Fortunately, it has been rare in my life when I have been confronted with the face of extreme human evil. There have been a couple of times in my life, and it made me extremely uncomfortable. When you read the true story recounted by Robert Edsel (with Bret Witter of Louisville) you are slapped in the face again and again by the true fallenness of humankind, but also its capacity to act bravely and self-sacrificially. A careful reading of Monuments Men makes very clear that the old adage “all people are basically good” just isn’t true. Naive optimism about human nature receives a death blow when one sees the real extent to which Nazi greed and evil could go.
It wasn’t enough to exterminate 6 million Jews.

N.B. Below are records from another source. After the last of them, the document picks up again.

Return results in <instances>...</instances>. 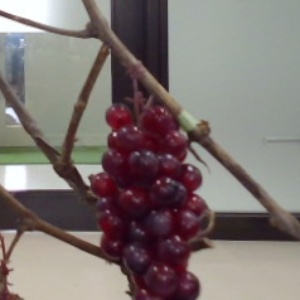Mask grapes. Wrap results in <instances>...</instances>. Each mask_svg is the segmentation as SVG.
<instances>
[{
    "mask_svg": "<svg viewBox=\"0 0 300 300\" xmlns=\"http://www.w3.org/2000/svg\"><path fill=\"white\" fill-rule=\"evenodd\" d=\"M104 123L112 129L100 160L104 173L89 177L104 212L97 219L103 255L124 261L132 300H196L201 282L186 270L188 241L205 230L210 206L193 194L202 171L186 163L188 138L162 106L144 108L134 120L127 103L113 102Z\"/></svg>",
    "mask_w": 300,
    "mask_h": 300,
    "instance_id": "01657485",
    "label": "grapes"
}]
</instances>
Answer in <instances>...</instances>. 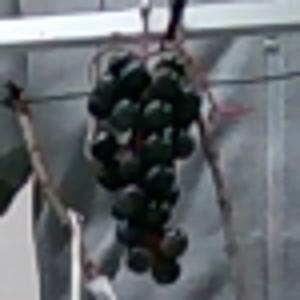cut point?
Masks as SVG:
<instances>
[{"mask_svg": "<svg viewBox=\"0 0 300 300\" xmlns=\"http://www.w3.org/2000/svg\"><path fill=\"white\" fill-rule=\"evenodd\" d=\"M137 11L143 23V59L149 55V20L154 14L152 0H139Z\"/></svg>", "mask_w": 300, "mask_h": 300, "instance_id": "obj_1", "label": "cut point"}]
</instances>
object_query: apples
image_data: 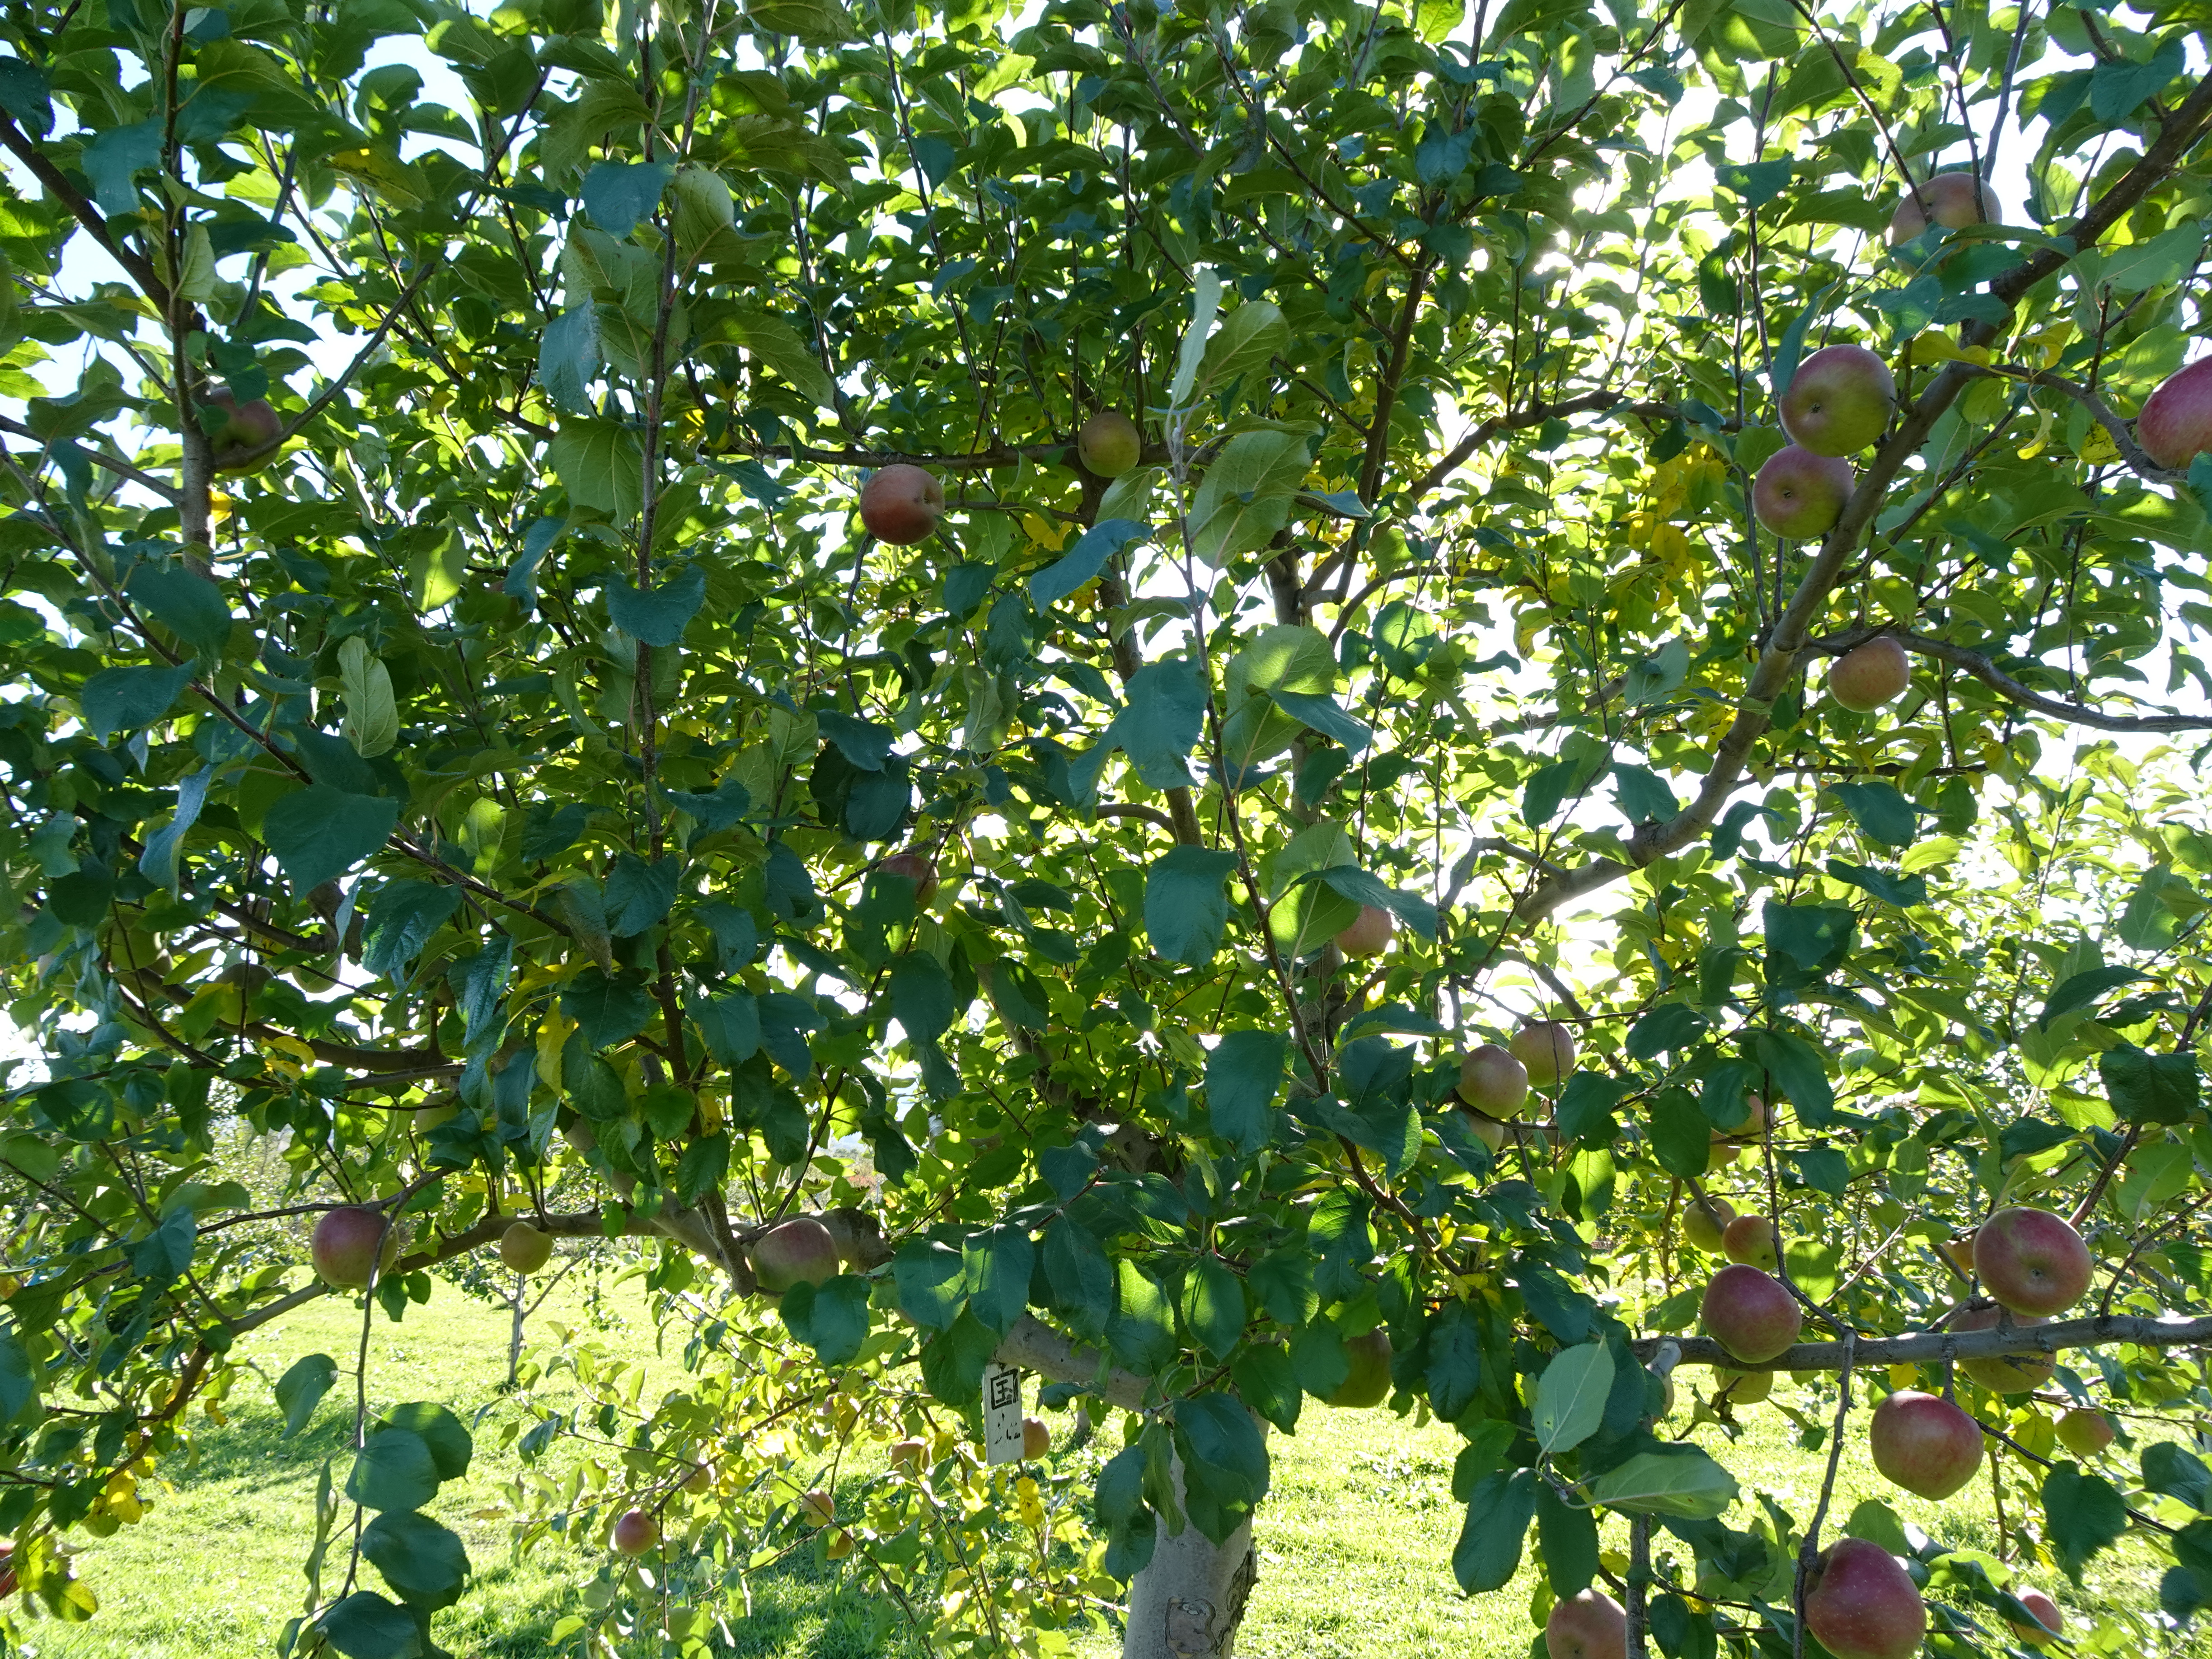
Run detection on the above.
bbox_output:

No the attempt was made to steal all of their achievements, accomplishments, treasures, to the tune of millions of works of art, furniture, clothes etc. Reading a book like this, full of detailed facts about the matter can either make you weep, or sick, or both. Or, it can just be extremely sobering. In my case I found it to be all of these things, and in addition an enlightenment.
The movie had a light touch. The book is heavy……but wonderfully written and has numerous pictures. The pictures do as much to bring home the reality of the wickedness as anything—- thousands of works of art and artifacts stored in a salt mine in Merkers, or Altaussee or in Mad King Ludwig’s castle Neueschwanstein. More than a million pieces of art stolen from the private collections of Jews and others in France, Belgium, etc. As it turned out Mad King Ludwig was not nearly as crazy as Hitler and his devotees. They thought they could have it all, not merely in the ‘to the victor belongs the spoils mode’ but even to the point of erasing the memory of Jewish lives and accomplishments. But perhaps we should not let them off the hook by using the word crazy, when we are talking about logically planned systematic evil.

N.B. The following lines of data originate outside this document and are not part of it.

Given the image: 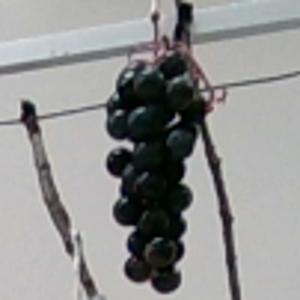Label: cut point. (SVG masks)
Returning a JSON list of instances; mask_svg holds the SVG:
<instances>
[{
    "instance_id": "6a23745f",
    "label": "cut point",
    "mask_w": 300,
    "mask_h": 300,
    "mask_svg": "<svg viewBox=\"0 0 300 300\" xmlns=\"http://www.w3.org/2000/svg\"><path fill=\"white\" fill-rule=\"evenodd\" d=\"M161 0H149V13L147 20L152 25L153 34V62L159 57L160 50V29L159 24L161 22L160 14Z\"/></svg>"
}]
</instances>
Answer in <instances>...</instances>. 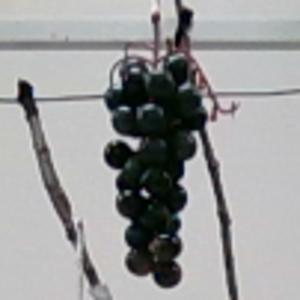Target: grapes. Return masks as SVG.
I'll use <instances>...</instances> for the list:
<instances>
[{"instance_id": "obj_1", "label": "grapes", "mask_w": 300, "mask_h": 300, "mask_svg": "<svg viewBox=\"0 0 300 300\" xmlns=\"http://www.w3.org/2000/svg\"><path fill=\"white\" fill-rule=\"evenodd\" d=\"M198 70V60L185 48L167 53L160 71H148L144 58L131 55L120 65L121 83L104 93L114 133L140 139L136 150L124 140H111L103 153L107 167L121 170L114 180V206L130 224L125 265L134 276L151 274L163 290L175 289L182 280L176 261L184 249L178 214L187 208L188 193L178 182L185 162L198 152L194 132L209 122L196 84Z\"/></svg>"}]
</instances>
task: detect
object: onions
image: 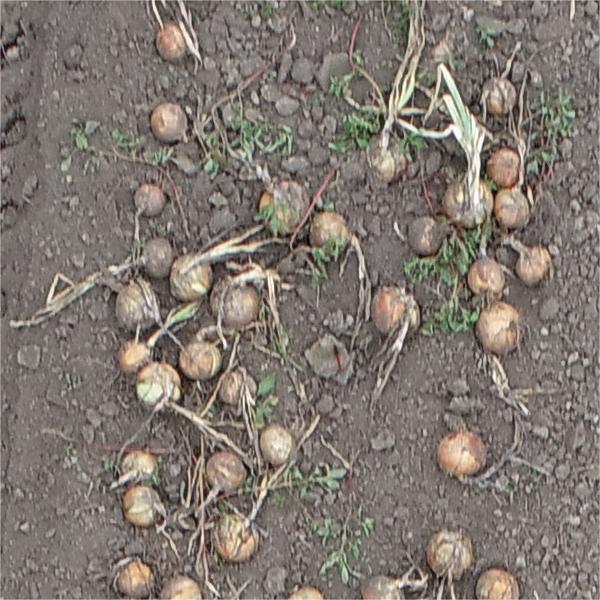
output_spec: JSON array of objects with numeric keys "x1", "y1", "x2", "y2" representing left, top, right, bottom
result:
[
  {"x1": 360, "y1": 572, "x2": 399, "y2": 599},
  {"x1": 147, "y1": 101, "x2": 185, "y2": 141},
  {"x1": 479, "y1": 77, "x2": 515, "y2": 114},
  {"x1": 372, "y1": 288, "x2": 418, "y2": 332},
  {"x1": 466, "y1": 257, "x2": 506, "y2": 295},
  {"x1": 475, "y1": 303, "x2": 521, "y2": 352},
  {"x1": 179, "y1": 341, "x2": 219, "y2": 378},
  {"x1": 404, "y1": 215, "x2": 445, "y2": 255},
  {"x1": 492, "y1": 188, "x2": 529, "y2": 226},
  {"x1": 515, "y1": 245, "x2": 550, "y2": 282},
  {"x1": 169, "y1": 260, "x2": 212, "y2": 299},
  {"x1": 261, "y1": 184, "x2": 305, "y2": 231},
  {"x1": 204, "y1": 451, "x2": 244, "y2": 492},
  {"x1": 216, "y1": 371, "x2": 251, "y2": 408},
  {"x1": 439, "y1": 178, "x2": 493, "y2": 225},
  {"x1": 425, "y1": 529, "x2": 474, "y2": 572},
  {"x1": 289, "y1": 584, "x2": 325, "y2": 599},
  {"x1": 134, "y1": 184, "x2": 165, "y2": 215},
  {"x1": 473, "y1": 566, "x2": 519, "y2": 599},
  {"x1": 121, "y1": 485, "x2": 159, "y2": 525},
  {"x1": 116, "y1": 280, "x2": 160, "y2": 328},
  {"x1": 161, "y1": 572, "x2": 201, "y2": 599},
  {"x1": 121, "y1": 449, "x2": 156, "y2": 482},
  {"x1": 255, "y1": 425, "x2": 292, "y2": 464},
  {"x1": 133, "y1": 365, "x2": 179, "y2": 408},
  {"x1": 218, "y1": 281, "x2": 260, "y2": 324},
  {"x1": 154, "y1": 24, "x2": 186, "y2": 61},
  {"x1": 365, "y1": 138, "x2": 405, "y2": 181},
  {"x1": 112, "y1": 557, "x2": 156, "y2": 595},
  {"x1": 117, "y1": 337, "x2": 151, "y2": 369},
  {"x1": 141, "y1": 237, "x2": 174, "y2": 277},
  {"x1": 213, "y1": 512, "x2": 259, "y2": 559},
  {"x1": 436, "y1": 429, "x2": 484, "y2": 475},
  {"x1": 484, "y1": 148, "x2": 522, "y2": 187},
  {"x1": 311, "y1": 211, "x2": 349, "y2": 252}
]

Fortunately, the book, as the title suggests is about the happier side of the story. It’s about the recovery of what was stolen, and its eventual return if possible to the original owners. The tale is a dangerous one, a heroic one, and the movie only scratches the surface. Indeed, it sometimes compresses the story too much, and of course changes the names as well. But such changes were necessary to make a good movie.

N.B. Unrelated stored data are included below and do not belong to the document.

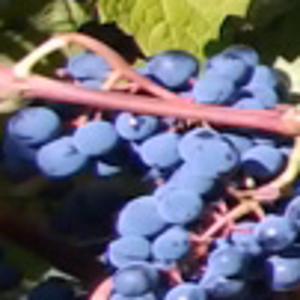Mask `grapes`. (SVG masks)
Here are the masks:
<instances>
[{
    "mask_svg": "<svg viewBox=\"0 0 300 300\" xmlns=\"http://www.w3.org/2000/svg\"><path fill=\"white\" fill-rule=\"evenodd\" d=\"M120 143L140 179L159 184L114 215L109 300H236L248 291L252 259L273 289L300 282V181L285 198L264 194L292 154L273 134L217 133L190 118L106 109L63 121L31 107L8 120L2 163L14 183L73 181L87 167L107 182L122 172L112 156Z\"/></svg>",
    "mask_w": 300,
    "mask_h": 300,
    "instance_id": "01657485",
    "label": "grapes"
},
{
    "mask_svg": "<svg viewBox=\"0 0 300 300\" xmlns=\"http://www.w3.org/2000/svg\"><path fill=\"white\" fill-rule=\"evenodd\" d=\"M67 72L80 85H97L107 91L122 89L236 109L271 110L280 102L276 72L261 62L255 48L245 44L226 47L199 72L197 58L182 50L156 54L139 70L113 67L102 51L78 53L68 60Z\"/></svg>",
    "mask_w": 300,
    "mask_h": 300,
    "instance_id": "b958b902",
    "label": "grapes"
}]
</instances>
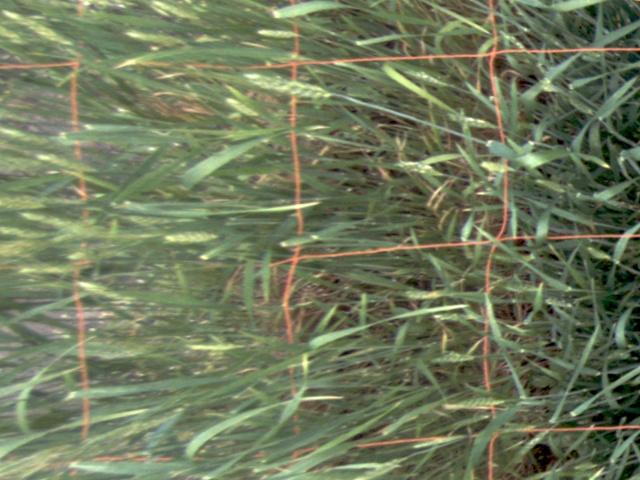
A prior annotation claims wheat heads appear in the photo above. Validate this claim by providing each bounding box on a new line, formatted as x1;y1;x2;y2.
402;291;438;302
408;67;444;87
586;247;610;262
1;193;45;209
7;12;66;47
185;344;242;354
154;0;203;22
7;444;74;472
3;128;45;150
27;210;104;236
164;234;218;244
463;115;491;131
223;98;257;120
397;157;433;175
128;30;184;46
481;162;511;175
545;297;569;310
508;280;542;297
443;397;502;414
40;152;94;171
81;282;123;306
254;29;302;40
433;353;472;361
2;226;27;240
245;75;330;101
111;412;179;443

About Edsel’s research, it is clear he was very thorough. Not only does he cite primary source documents repeatedly– official documents, diaries, letters, orders etc. he backs this up with first person accounts of events, carefully footnoted. This is the way history should be written, not merely relying on second hand materials. Indeed, as his other publications show (about the rescue of art in Italy by Monuments Men) there was a huge story to be told, and one book was not enough. I would hope that history teachers in public schools would use excerpts from the movie and assign the book, as an interesting and mostly neglected angle of incidence into the study of WWII.
The word of George Stout played by George Clooney that strikes home most clearly is this— “you can burn a person village down, kill their relatives, and leave only smoldering ash, but if you steal their accomplishments, their achievements, their art, you have stolen their history, and it is as if they never existed”. Full marks to the U.S. Army’s insistence that this should happen to our European friends. The work of the Monuments Men was nothing short of heroic. It was under-funded, under-reported, under-appreciated, and even after the war, it took a long time before the Monuments Men even began to get their due.
This book made me even prouder of my father, who fought in WWII. It made me proud to be an American, and I am not much for chest thumping. War may be hell, but sometimes little glimpses of divine and human goodness break through the clouds of darkness and evil. One of those rays of sunshine was the Monuments Men.